I forgot to mention yesterday that another thing I didn't repeat with #2 was carrying him every where or rocking him to sleep. With ds I wanted him to learn to sleep on his own without having to break my back as he was getting bigger and heavier. And that's why I had to stop breastfeeding him at the age of 6months because without my breast he didn't know how to go back to sleep. When it's the 1st child you have all the time for them but if you already have a child you need to give them both equal attention. Those little things make your life easier.

XX
 
Oh yea, I def will make next baby fall asleep on his/her own. DD is 3 and still falls asleep in my bed then I move her to hers and she's always up til 10 or so at night.. She doesn't nap, but she does sleep in usually til 9-10 in the morning, I have several friends with kids same age and they don't sleep past 7-8 so I guess it works it self out... Honestly though I would love for her to be asleep by 7:30 and take a nap.. LOL. She's super hyper! I think if she had a playmate or more things to do it might work more of her energy out.. :)
 
Oh my DS is the same too! He is up til 10 sleeps til 10. I don't mind yet bc no school. I hope when he does start he can adjust. I think a baby will thwart his playtime, we usually go outside or swim once a day and with a baby I cannot picture myself taking them both out right away when DH is at work. Once baby is about one then I think they will be able to play together and I can learn how to juggle 2 :)
 
As soon as they start school they need to get into the routine of walking up early. That's unless you're working and need to leave your child with a childminder. It wasn't the case for me but as I'm working now, I see many parents with little babies & toddlers very early.

X
 
Madrid- Do you work with kids? My son has to get 12 hours or he won't wake up lol! So I'm either going to start waking him up earlier until he goes to bed earlier or gradually increase his bed time by 15 min. We still have another year but I'll tell you what if he doesn't want to do something he will put up a fight. I'm worried getting ready for school will take 2 hours of adjustments every morning :)
 
No I don't work with kids but mine are old enough to go to school now & when they were toddlers they were looked after by me or my dh. We didn't want to send them to nursery or somewhere similar. Instead I compromised until they started school to go back to work.

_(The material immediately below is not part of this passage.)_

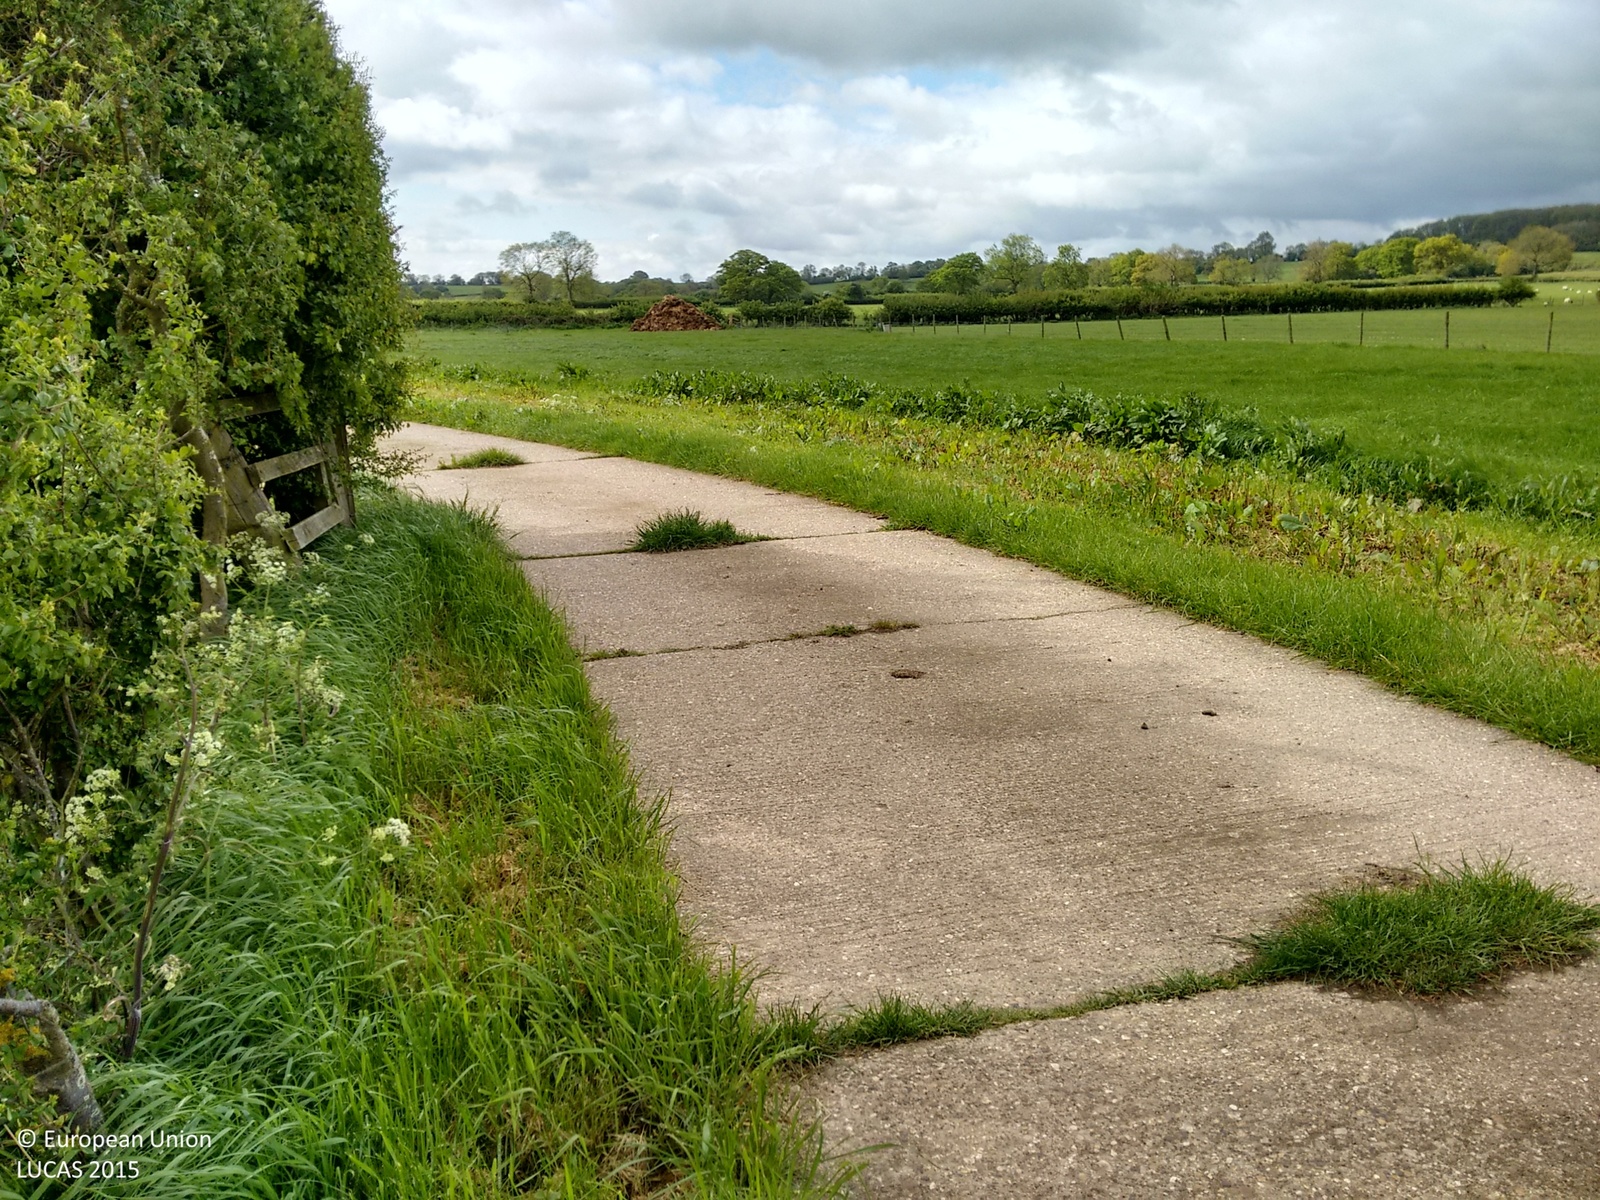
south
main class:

Don't worry too much about you ds. He'll get use to the routine quickly. As soon as he gets friends at school he'll love it there.
X
 
I hope so! He wants to go now but similar to you, I don't want him too! He's only 3.
 
Maybe you could start by taking him to playgroups. I don't know if you have them where you live but they're quite common in the UK. You take them there for 2 hours and they do pretty much what they want there. They'd read them a story or do songs with them. Similar to nursery but with no much restraints. And as it's only 2 hours you have to be living close or waiting around until they finish.
 
Yes we have similar activities. He plays soccer and we go to the local library to participate in story group. Play groups here are formed within small groups of parents/children and visit different places once a month. We usually socialize with my friends' and families' children b/c it's cheaper!